+++ Supplied records +++

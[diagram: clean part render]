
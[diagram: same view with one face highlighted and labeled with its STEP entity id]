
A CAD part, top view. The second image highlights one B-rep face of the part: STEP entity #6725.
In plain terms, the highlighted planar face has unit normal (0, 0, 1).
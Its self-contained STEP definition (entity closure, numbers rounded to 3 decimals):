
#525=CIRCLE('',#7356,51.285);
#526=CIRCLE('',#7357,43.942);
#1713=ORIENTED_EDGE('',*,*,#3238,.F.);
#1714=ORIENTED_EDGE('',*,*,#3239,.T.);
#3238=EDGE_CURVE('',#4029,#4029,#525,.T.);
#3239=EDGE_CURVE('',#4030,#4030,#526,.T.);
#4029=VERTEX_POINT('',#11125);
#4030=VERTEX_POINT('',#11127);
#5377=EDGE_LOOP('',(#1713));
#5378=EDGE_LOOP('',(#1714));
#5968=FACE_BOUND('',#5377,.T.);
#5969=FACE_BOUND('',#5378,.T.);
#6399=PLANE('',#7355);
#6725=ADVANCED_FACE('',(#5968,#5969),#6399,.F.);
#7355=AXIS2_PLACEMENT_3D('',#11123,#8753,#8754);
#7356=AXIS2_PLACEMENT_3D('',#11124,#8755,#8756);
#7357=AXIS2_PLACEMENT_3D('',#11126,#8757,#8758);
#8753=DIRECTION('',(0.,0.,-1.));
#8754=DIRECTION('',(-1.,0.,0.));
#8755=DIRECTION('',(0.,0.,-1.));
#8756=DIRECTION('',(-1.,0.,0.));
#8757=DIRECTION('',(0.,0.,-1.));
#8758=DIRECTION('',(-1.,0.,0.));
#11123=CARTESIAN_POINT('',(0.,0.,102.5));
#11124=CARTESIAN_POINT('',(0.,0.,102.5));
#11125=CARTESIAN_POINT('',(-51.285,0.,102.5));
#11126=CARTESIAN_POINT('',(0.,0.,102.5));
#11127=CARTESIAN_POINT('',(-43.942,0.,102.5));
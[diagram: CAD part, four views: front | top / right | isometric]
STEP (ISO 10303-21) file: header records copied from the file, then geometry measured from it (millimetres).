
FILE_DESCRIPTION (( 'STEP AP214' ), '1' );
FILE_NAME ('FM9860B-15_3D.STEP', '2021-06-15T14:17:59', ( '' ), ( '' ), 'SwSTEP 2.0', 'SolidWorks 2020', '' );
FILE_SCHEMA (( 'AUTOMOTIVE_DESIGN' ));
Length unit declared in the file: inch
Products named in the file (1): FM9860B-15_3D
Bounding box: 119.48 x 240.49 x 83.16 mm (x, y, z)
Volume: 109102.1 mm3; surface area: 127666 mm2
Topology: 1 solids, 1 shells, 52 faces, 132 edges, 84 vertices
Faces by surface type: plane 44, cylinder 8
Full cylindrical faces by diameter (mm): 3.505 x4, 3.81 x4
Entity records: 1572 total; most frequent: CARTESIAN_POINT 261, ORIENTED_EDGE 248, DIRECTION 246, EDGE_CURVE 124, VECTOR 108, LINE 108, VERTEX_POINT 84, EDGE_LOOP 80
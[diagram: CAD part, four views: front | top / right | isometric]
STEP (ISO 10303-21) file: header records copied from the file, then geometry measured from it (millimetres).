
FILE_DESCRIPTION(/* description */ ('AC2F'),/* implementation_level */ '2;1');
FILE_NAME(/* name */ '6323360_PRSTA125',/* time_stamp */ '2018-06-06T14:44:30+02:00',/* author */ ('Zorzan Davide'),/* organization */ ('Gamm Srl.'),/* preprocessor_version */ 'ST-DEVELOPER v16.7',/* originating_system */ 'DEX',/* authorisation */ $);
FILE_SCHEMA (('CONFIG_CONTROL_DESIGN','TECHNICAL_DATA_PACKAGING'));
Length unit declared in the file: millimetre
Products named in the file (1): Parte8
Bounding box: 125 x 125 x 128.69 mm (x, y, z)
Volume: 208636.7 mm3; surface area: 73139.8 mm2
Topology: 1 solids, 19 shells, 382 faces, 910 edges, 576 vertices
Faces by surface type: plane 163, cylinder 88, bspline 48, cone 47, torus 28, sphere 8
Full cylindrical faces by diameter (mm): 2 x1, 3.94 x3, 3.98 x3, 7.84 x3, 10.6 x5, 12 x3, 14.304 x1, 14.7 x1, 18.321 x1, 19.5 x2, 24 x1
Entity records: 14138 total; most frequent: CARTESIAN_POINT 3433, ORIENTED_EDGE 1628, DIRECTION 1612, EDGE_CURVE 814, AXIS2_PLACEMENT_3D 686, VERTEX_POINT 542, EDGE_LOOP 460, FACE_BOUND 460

+++

- [To do]: All that is needed is the exact run of lines above from the line containing "In plain terms, the" through the line containing "#3239=EDGE_CURVE('',#4030,#4030,#526,.T.);", both of them included.

- [Task response]:
In plain terms, the highlighted planar face has unit normal (0, 0, 1).
Its self-contained STEP definition (entity closure, numbers rounded to 3 decimals):
#525=CIRCLE('',#7356,51.285);
#526=CIRCLE('',#7357,43.942);
#1713=ORIENTED_EDGE('',*,*,#3238,.F.);
#1714=ORIENTED_EDGE('',*,*,#3239,.T.);
#3238=EDGE_CURVE('',#4029,#4029,#525,.T.);
#3239=EDGE_CURVE('',#4030,#4030,#526,.T.);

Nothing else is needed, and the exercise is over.